The visitors, however, enjoyed themselves as flavours of street food from across the country were served to them!

A winning recipe to steal hearts

One might look and dimiss him for just another food-loving Bengali, but Sudipta Banerjee is no ordinary street food vendor. A qualified chef, the chubby and chirpy man started his journey to the kitchen after completing his Class X. “I was fond of cooking and gradually it developed as my passion. While studying in college, I joined a hotel management institute and learned the basics of the craft,” shared the man who took up a job with a 3-Star hotel in his hometown Siliguri but ‘did not like to work in restrictions’.
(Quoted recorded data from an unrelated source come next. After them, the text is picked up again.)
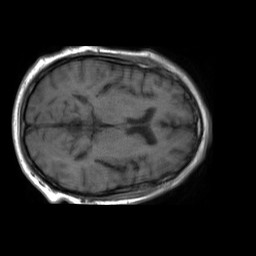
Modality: T1w
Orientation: axial
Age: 48
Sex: male
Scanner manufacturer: philips
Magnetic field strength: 1.5 T
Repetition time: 0.5068 s
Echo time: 0.011 s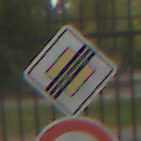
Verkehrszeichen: EndeVorfahrtsstrasse
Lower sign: Geschwindigkeit50
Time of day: MorningAfternoon
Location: Outdoor (Urban)
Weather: Overcast
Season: NotSpecified
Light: Natural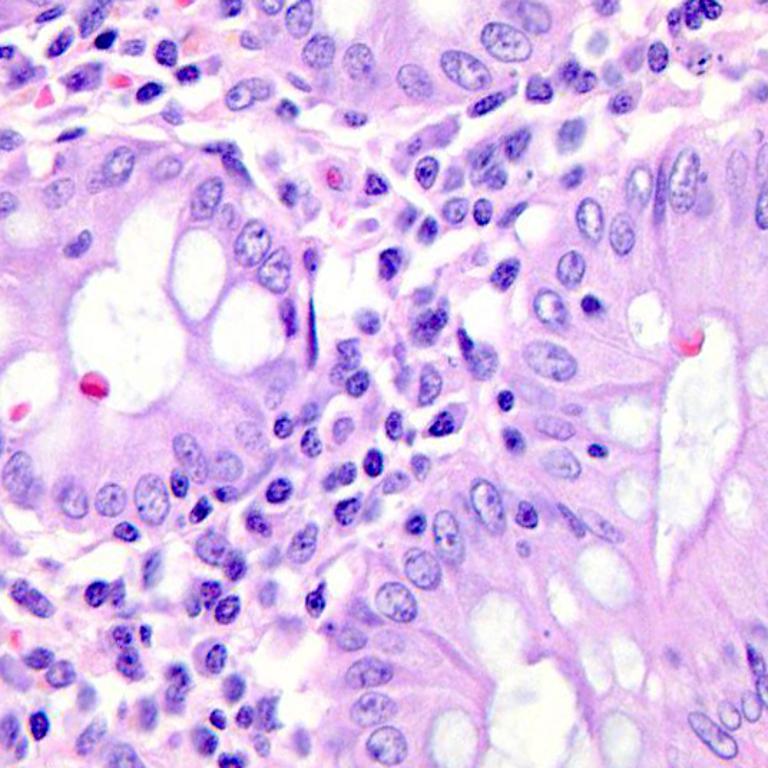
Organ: colon
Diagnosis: benign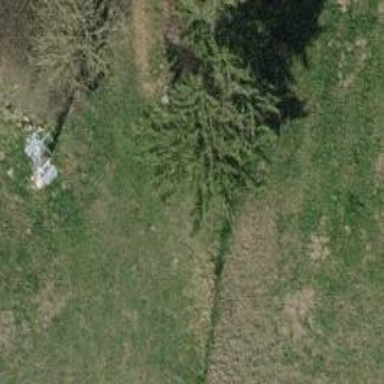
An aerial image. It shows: Brown bench.
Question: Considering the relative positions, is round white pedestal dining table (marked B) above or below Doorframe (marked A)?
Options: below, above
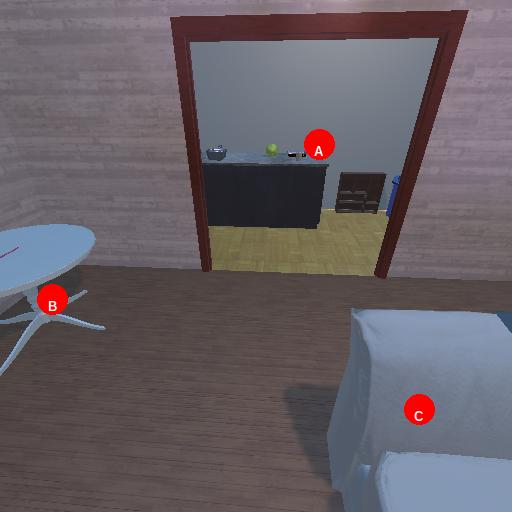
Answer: below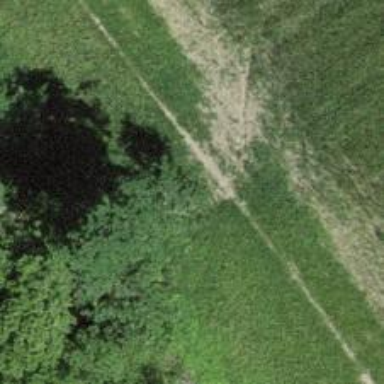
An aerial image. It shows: Dirt path.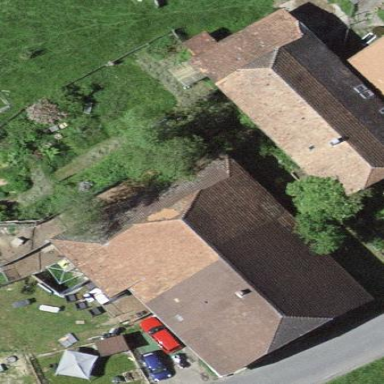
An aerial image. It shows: Barn.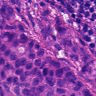
Metastatic tissue present: yes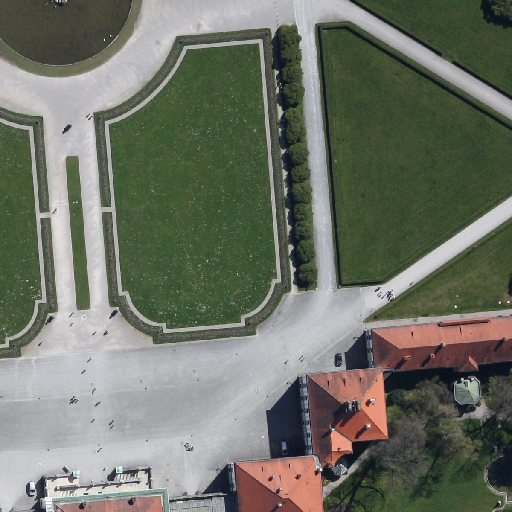
Referring expression: light-duty vehicle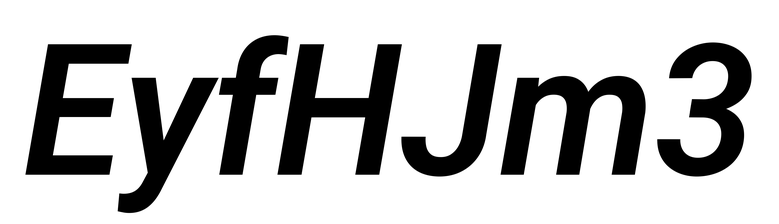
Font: Roboto-Italic_SemiBold_Italic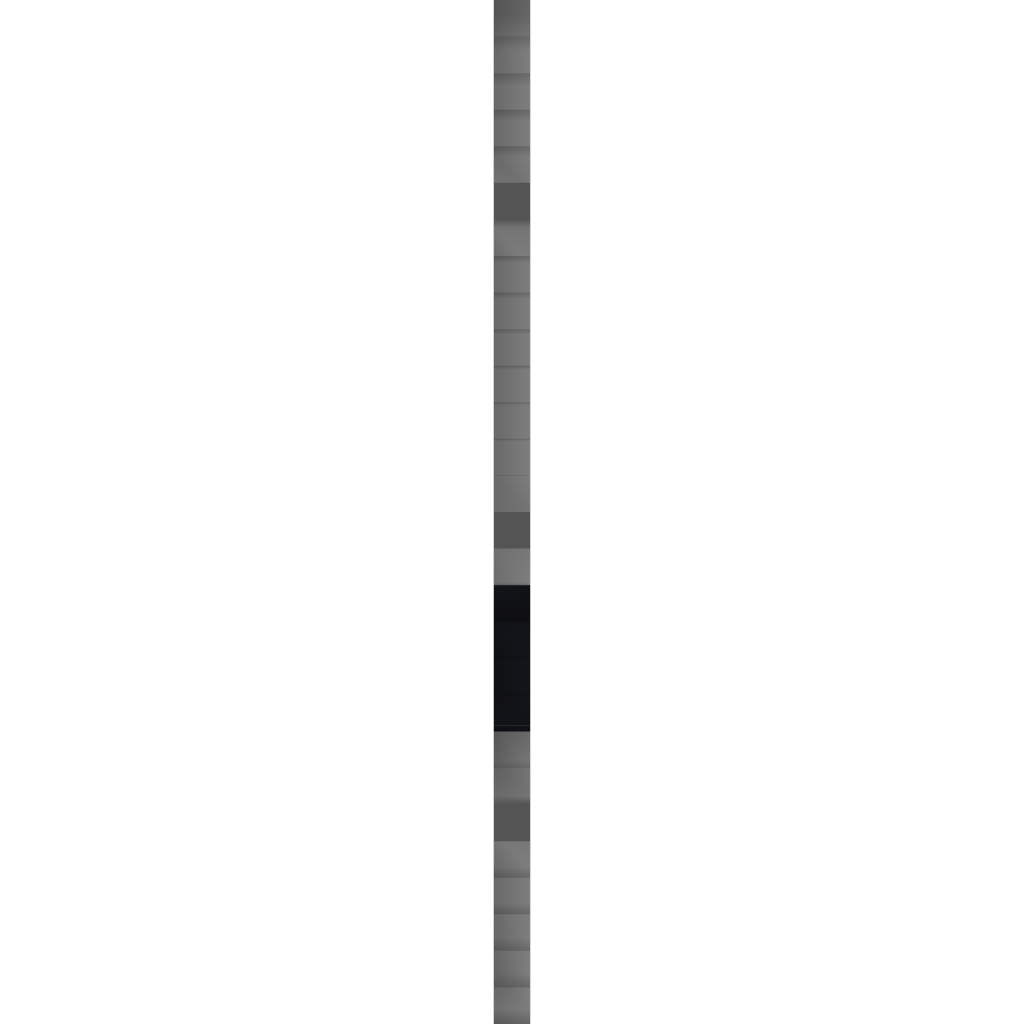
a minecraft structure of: Skull Man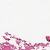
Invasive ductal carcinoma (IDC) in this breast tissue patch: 0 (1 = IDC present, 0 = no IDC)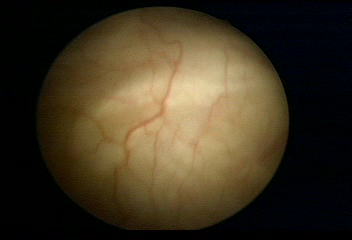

“One day I saw a street vendor tossing chowmein on a road side van and I asked him what all did he put into it. I then asked him to prepare it in a different way and days later the vendor informed me about the positive response of his customers,” he says standing in front of four stalls which often mark the highest sales at National Food Festival.
From yummy Bhetki (fish) Korma to delectable sandesh, Sudipta’s stalls boasted of a huge variety of food items. But even larger was is his fan following amongst foodies and vendors alike, who hail the humble man as their teacher who is ready to extend a helping hand to those in need.

Women power holds fort

Maa ke haath ka khana’, is something that every child longs for, especially those staying away from their mothers. And many living in the Capital, miles away from home, could actually fulfill their desire thanks to the food festival where women street vendors from different States lovingly prepared dishes that revived the memories and flavours of Mom’s cooking.
Chopping and cutting spinach since two in the morning to prepare sarson ka saag, Manjeet Kaur, Kamlesh, Manju and their co-workers from Ludhiana managed to draw Delhiites to their stall with their delectable cooking. A dollop of white butter in saag, teamed with crisp, hot makke ki roti was the most sought-after dish on a cold Delhi winter day! 

Another all-women group from Odisha made the foodies taste some authentic snacks such as kakra peetha (made from suji and coconut), baigan vada (similar to brinjal pakora), ras bada (made from moong dal) and dahi bada (urad dal). Even as one tried to identify the ingredients, the women selling Hyderabadi biryani, in non-vegetarian and vegetarian versions, brought the taste from the City of Pearls alive. Happy and smiling like a satisfied mother who’s just received appreciation from her family, the women were overwhelmed by the response of the food-loving Dilliwallahs, even going as far as to share their secret recipes readily.